Won't Somebody Speak for the Trees?

Tip of the Day: Enjoy the end of the summer fruit season with a "French dinner": bread, cheese, and different fresh fruits cut up for the whole family.

It never fails to amaze me how many times I can read through a chapter I wrote and still find things I want to change.

The truth is, though, I don't catch a lot of problems in my manuscript on screen. I don't see the problems until I print it out. I can think a chapter looks great on my monitor. I have it perfect now! As soon as I print it out and read it in hard copy, holy moley, the problems shoot right out at me.

I don't know why that is. I think it has to do with flow: I can see more of the manuscript in print, where I'm studying whole pages at once. So I can see where things connect more. Also, when I print off a few chapters together, I can see how they transition better. Somehow, on the screen, the chapters don't mesh together as well for me.

I absolutely have to do at least one revision pass on hard copy, most likely two. I do my best to recycle paper and print on the back of pages that have been used already. My printer hates this. It jams if even the tiniest corner of a page has been bent, and once it jams, it refuses to restart a print job. I spend a lot of revision days cursing at my printer. My kids clear out on those days. "She's printing off pages, let's get out of here!" Stupid "multi-use" printer. And don't get me started on how much the plain black cartridges cost. It's highway robbery. I don't even know what those cartridges are made of (crushed beetles? toxic plastic drippings?), but I'm betting it can't be good for anyone.

So I wish I could revise on screen, but I know I do my best revising on paper with a blue ballpoint pen. My mind was wired that way, and I don't think I can unwire it. The same pages look completely different to me in print. There's probably a psychological name for this visual perception gap, and I'd love to know if the next generation will weed it out by learning to edit on screen from school days on or if it will always exist. Or maybe some people can actually see the same thing on paper as they do on the screen. Can you?

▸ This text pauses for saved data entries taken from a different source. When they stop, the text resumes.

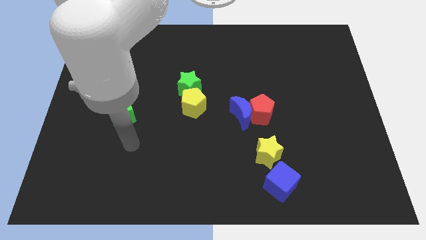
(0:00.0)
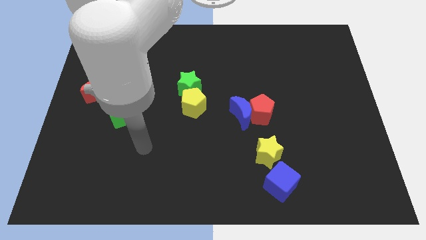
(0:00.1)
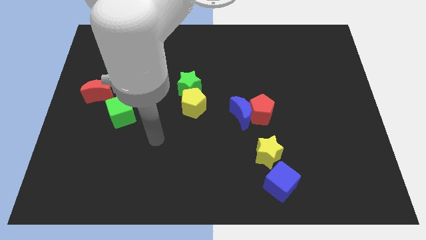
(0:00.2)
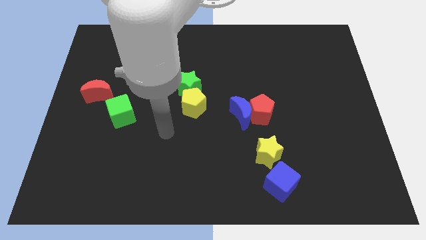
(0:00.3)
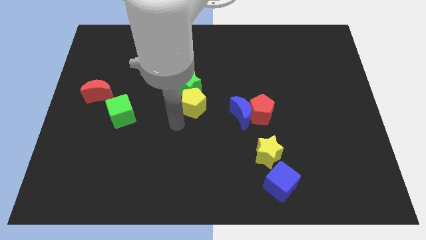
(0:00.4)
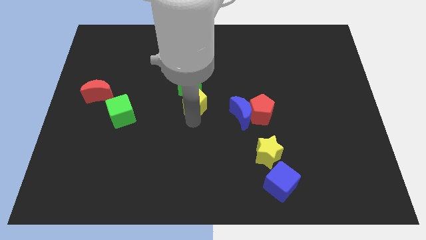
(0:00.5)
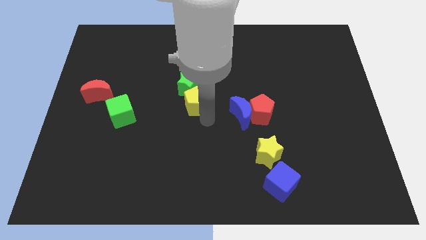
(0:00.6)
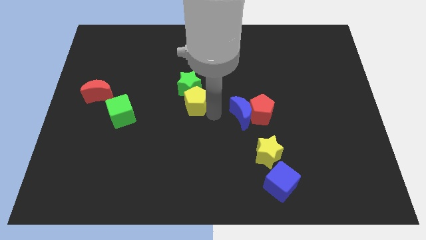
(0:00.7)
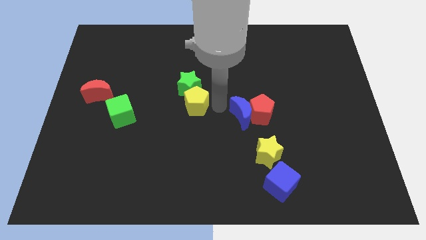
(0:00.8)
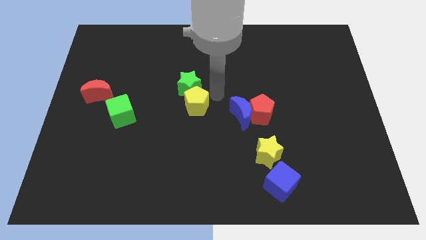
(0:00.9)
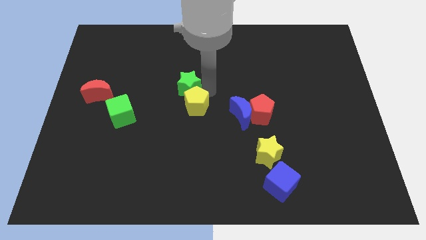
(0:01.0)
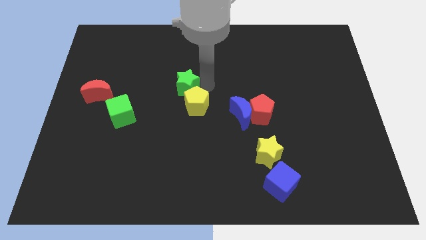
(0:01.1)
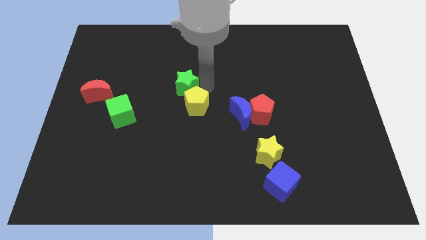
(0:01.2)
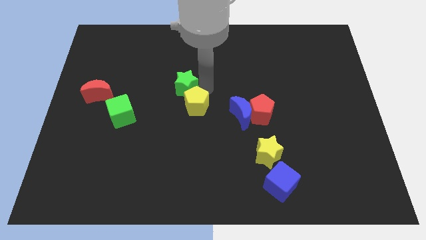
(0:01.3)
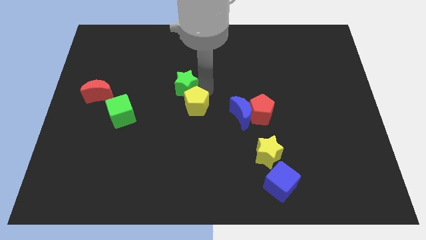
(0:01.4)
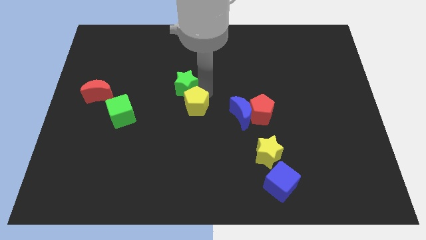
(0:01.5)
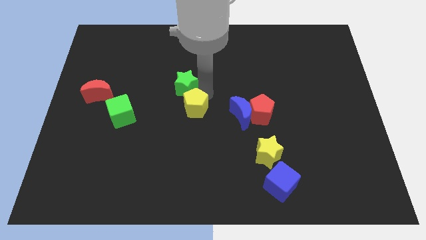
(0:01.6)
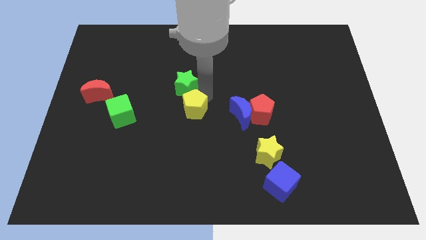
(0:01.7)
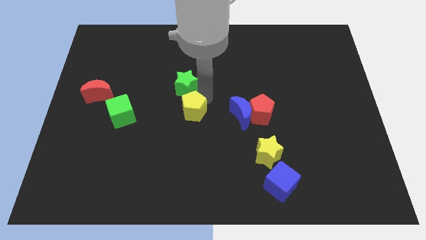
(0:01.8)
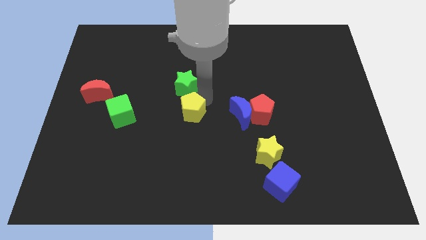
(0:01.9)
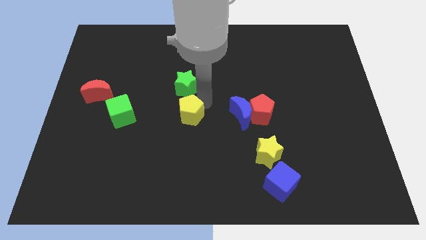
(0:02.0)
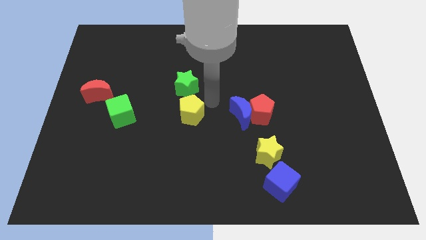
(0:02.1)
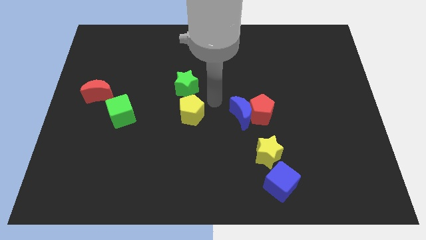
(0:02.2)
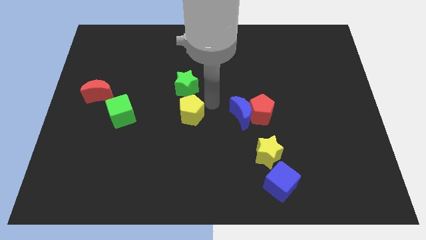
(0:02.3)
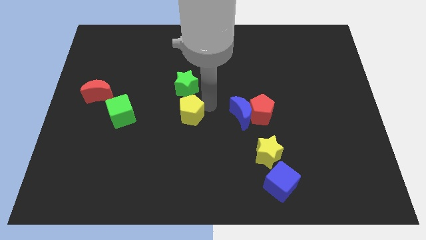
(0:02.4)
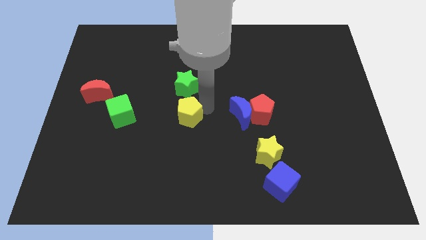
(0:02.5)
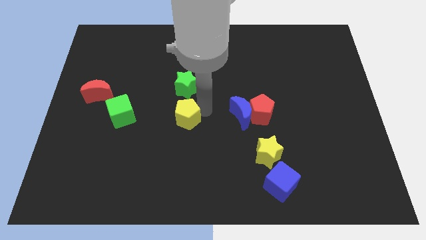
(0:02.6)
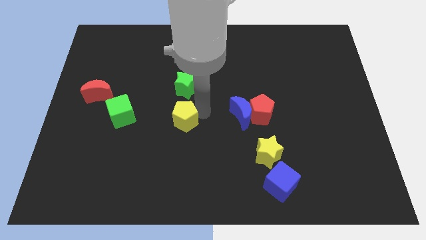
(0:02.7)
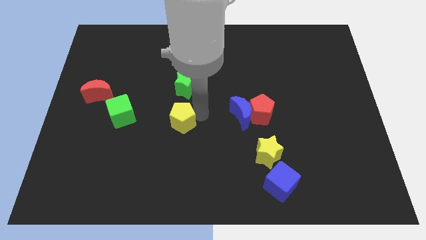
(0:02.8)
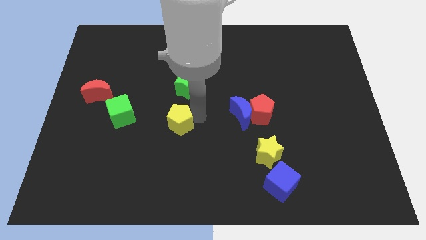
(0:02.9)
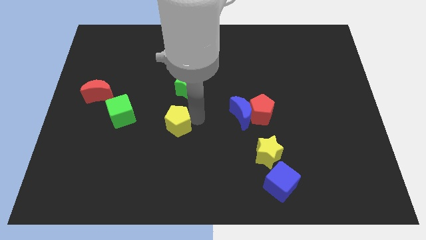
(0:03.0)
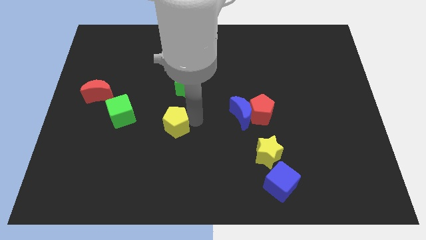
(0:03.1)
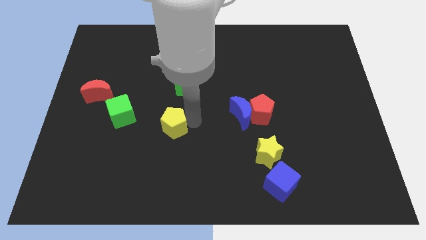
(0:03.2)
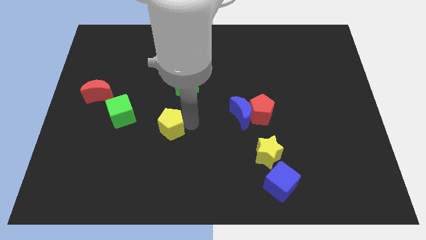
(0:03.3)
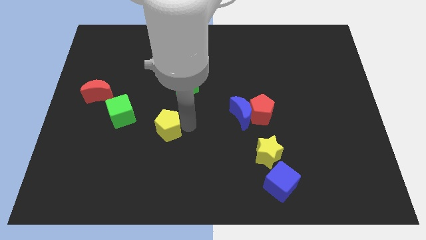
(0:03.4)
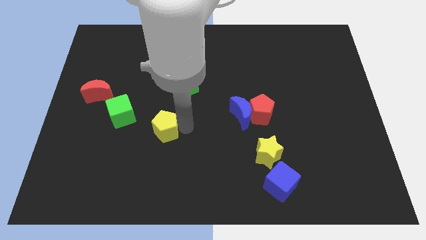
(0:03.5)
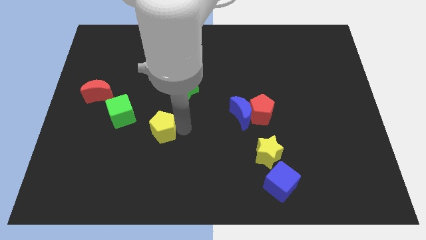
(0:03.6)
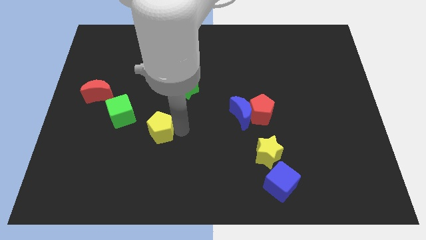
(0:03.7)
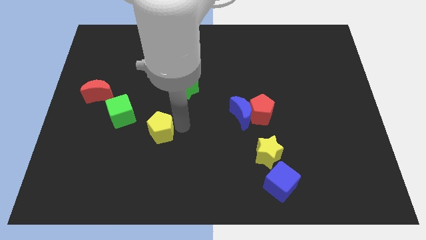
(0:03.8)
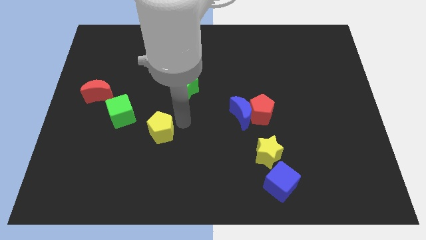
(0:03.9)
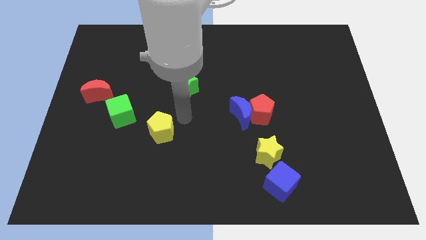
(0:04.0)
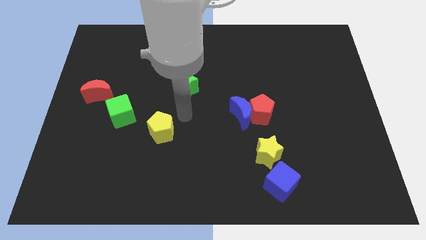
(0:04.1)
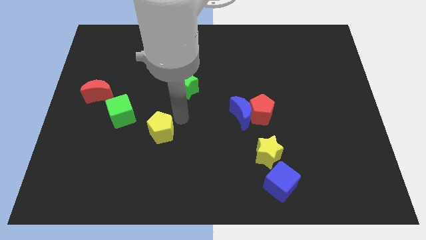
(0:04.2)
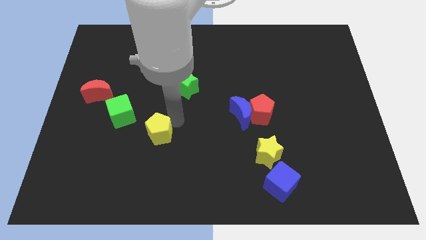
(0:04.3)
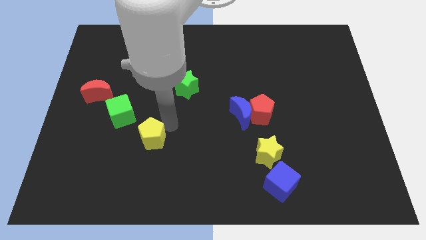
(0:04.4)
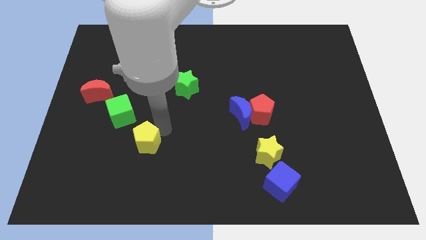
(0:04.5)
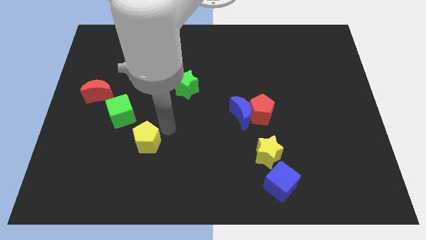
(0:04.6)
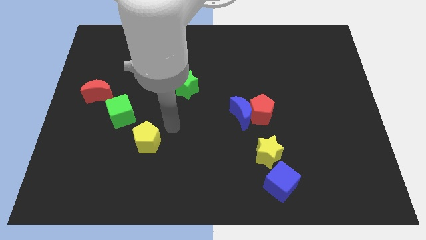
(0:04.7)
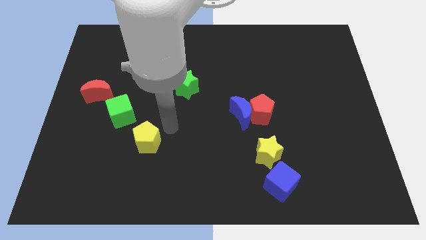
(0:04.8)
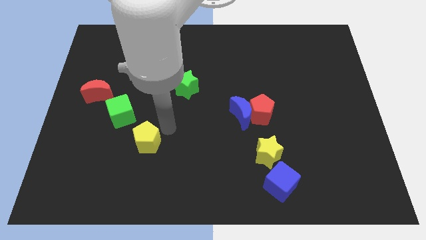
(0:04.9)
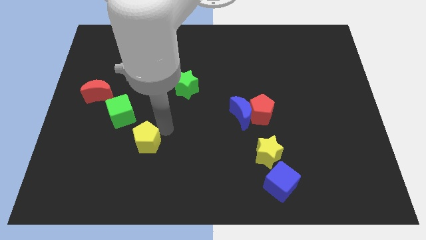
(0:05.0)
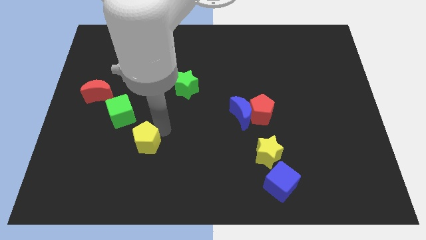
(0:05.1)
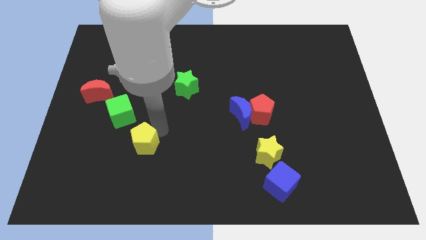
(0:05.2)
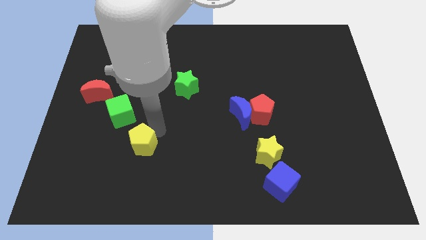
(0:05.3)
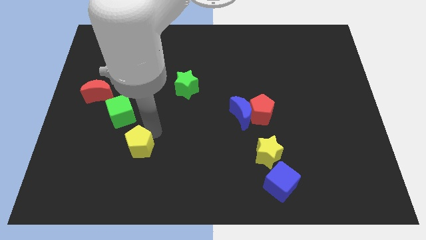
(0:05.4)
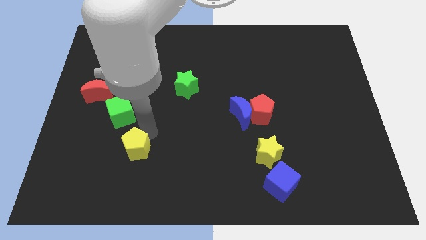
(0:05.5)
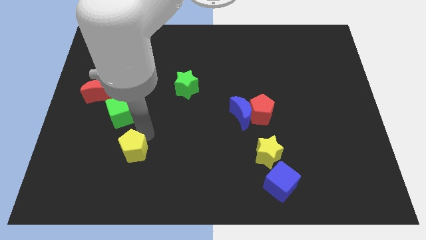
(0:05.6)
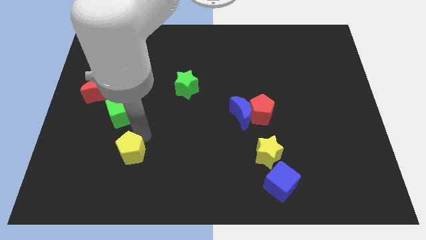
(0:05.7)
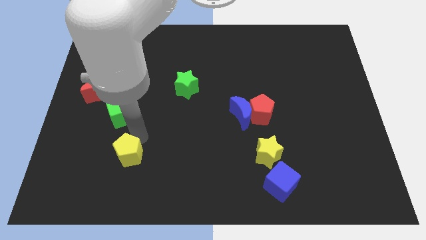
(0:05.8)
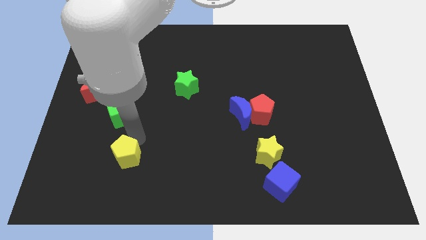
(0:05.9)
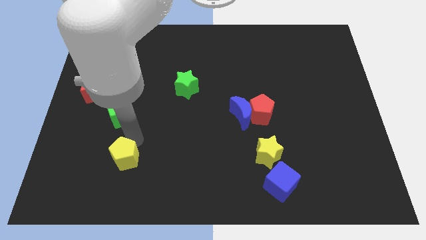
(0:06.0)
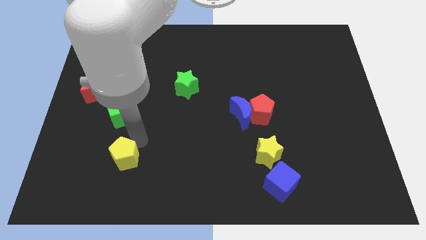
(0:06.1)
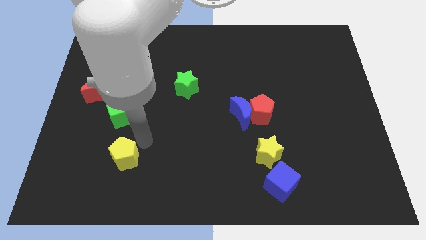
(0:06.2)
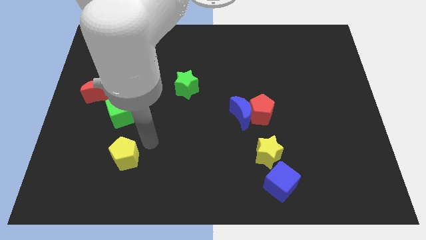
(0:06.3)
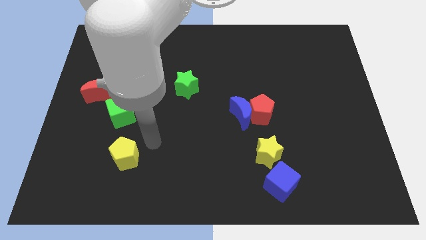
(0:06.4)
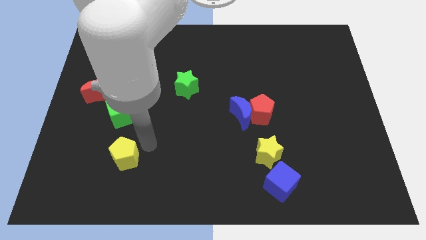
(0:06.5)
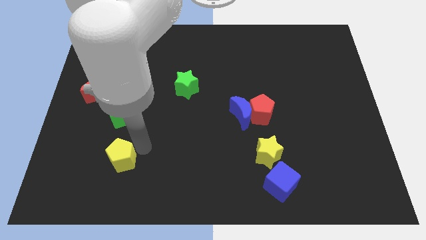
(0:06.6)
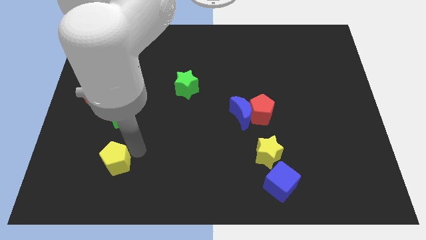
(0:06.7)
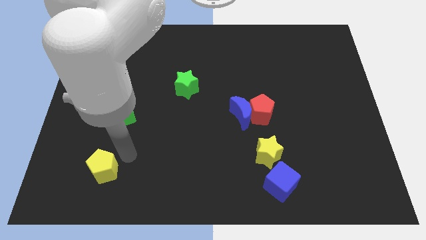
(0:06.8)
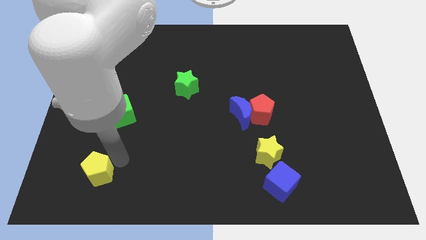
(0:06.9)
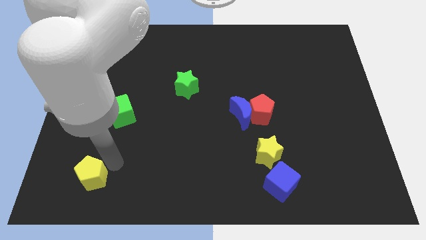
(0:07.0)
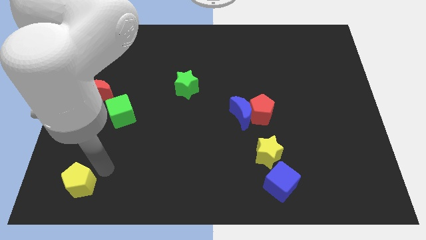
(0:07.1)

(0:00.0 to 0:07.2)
slide the yellow pentagon to the bottom left of the board

-- Kate, Miss Perfecting the Pages

6 comments:

  1. I'm a on-paper editor myself. Sometimes I do a first pass on the screen because I tend to type fast and make all sorts of typo errors and do things like typing completely different words not just hear/here but stuff like revelation instead of revision and such, but for the serious editing I need to print everything out on three hole punch and put it in a binder.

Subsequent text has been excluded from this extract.